After winning two Academy Awards for Nomadland and taking a detour into the divisive blockbuster world with Marvel movie Eternals, writer-director Chloé Zhao returns with Hamnet, an intimate, devastating portrayal of grief and maternal love, starring Irish actors Jessie Buckley and Paul Mescal.
Adapted from Maggie O’Farrell’s novel of the same name (co-written for the screen by O’Farrell and Zhao), the film presents a fictionalized portrait of the marriage between Agnes Hathaway (historically Anne), William Shakespeare, and the family life that precedes – and then is ruptured by – a loss that will inspire Hamlet.
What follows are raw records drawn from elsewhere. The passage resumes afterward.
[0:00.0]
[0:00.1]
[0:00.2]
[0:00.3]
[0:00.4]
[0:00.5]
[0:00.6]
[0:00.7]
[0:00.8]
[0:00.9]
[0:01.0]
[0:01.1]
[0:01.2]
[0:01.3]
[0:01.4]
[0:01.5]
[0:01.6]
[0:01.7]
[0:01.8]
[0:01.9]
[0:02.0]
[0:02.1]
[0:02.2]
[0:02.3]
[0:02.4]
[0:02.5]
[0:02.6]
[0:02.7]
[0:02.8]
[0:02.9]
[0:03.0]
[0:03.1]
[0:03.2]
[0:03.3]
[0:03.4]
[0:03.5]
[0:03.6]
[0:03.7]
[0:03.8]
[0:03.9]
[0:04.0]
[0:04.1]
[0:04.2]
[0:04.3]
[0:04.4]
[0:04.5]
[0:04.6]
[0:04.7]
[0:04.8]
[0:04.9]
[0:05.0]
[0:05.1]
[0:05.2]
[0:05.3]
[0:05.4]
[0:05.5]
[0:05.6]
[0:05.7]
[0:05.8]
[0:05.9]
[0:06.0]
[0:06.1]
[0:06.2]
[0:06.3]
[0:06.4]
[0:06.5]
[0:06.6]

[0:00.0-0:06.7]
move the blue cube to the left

Hamnet is not an easy watch, and it isn’t meant to be. It asks audiences to sit with raw, painful emotions. Zhao’s trademark naturalism and restrained visual style create space for magnetic performances from Buckley and Mescal. Vulnerable, angry, and shattered by loss, Agnes is rendered with remarkable emotional precision; Buckley commits fully to every moment she’s on screen. Awards attention seems inevitable, but what lingers is how clearly she communicates the complicated, contradictory reality of motherhood.
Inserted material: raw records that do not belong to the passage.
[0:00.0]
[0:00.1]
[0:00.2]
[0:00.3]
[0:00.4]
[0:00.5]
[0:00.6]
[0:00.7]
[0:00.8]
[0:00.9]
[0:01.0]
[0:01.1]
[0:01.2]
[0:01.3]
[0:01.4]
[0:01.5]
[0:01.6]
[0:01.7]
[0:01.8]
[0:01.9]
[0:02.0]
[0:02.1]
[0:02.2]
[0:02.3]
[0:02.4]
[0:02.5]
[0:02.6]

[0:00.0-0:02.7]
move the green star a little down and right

Mescal’s Shakespeare is equally compelling – reimagined not as a marble monument but as a man split in two. He plays him in silences and half-swallowed feelings, capturing the uneasy bargain between creative ambition and family duty – the pull of London and an artistic dream, the guilt of absence, and the knowledge that the work he’s chasing will cost him something he can’t replace.
Some have labeled it “Oscar bait”, as if the film’s emotional core exists primarily to court awards. Reducing this film to a mere exercise in style, however, misses the subtext and power of its message, as well as the incredible craft behind the scenes. The final sequence, filmed in a replica Globe Theatre, was powerful enough to leave half my screening room in tears (me included), and is the film’s most eloquent response to online detractors. It sums up the film’s thesis: art can’t undo loss, but it can shape it into something we can carry.
With impeccable writing, Hans Zimmer’s intense score, Łukasz Żal’s beautiful cinematography, and two of the best performances of 2025, Hamnet delivers an emotional punch that’s impossible to shrug off. Zhao has made a mesmerizing film about love, art, and grief with an ending that stays with you. Highly Recommended.
Why should public libraries add this movie to their shelves?
Hamnet is a richly accessible companion piece to Shakespeare: a fictionalized window into his family life and the personal grief that informed his writing of Hamlet. It’s a strong resource for students, book groups, and readers in literary history and adaptation.
Is this drama a good fit for campus screenings?
Yes, its themes of motherhood, bereavement, artistic catharsis, and the cost of ambition are immediate and discussable. It’s the kind of drama that naturally sparks conversation, from literature and film studies to psychology and ethics.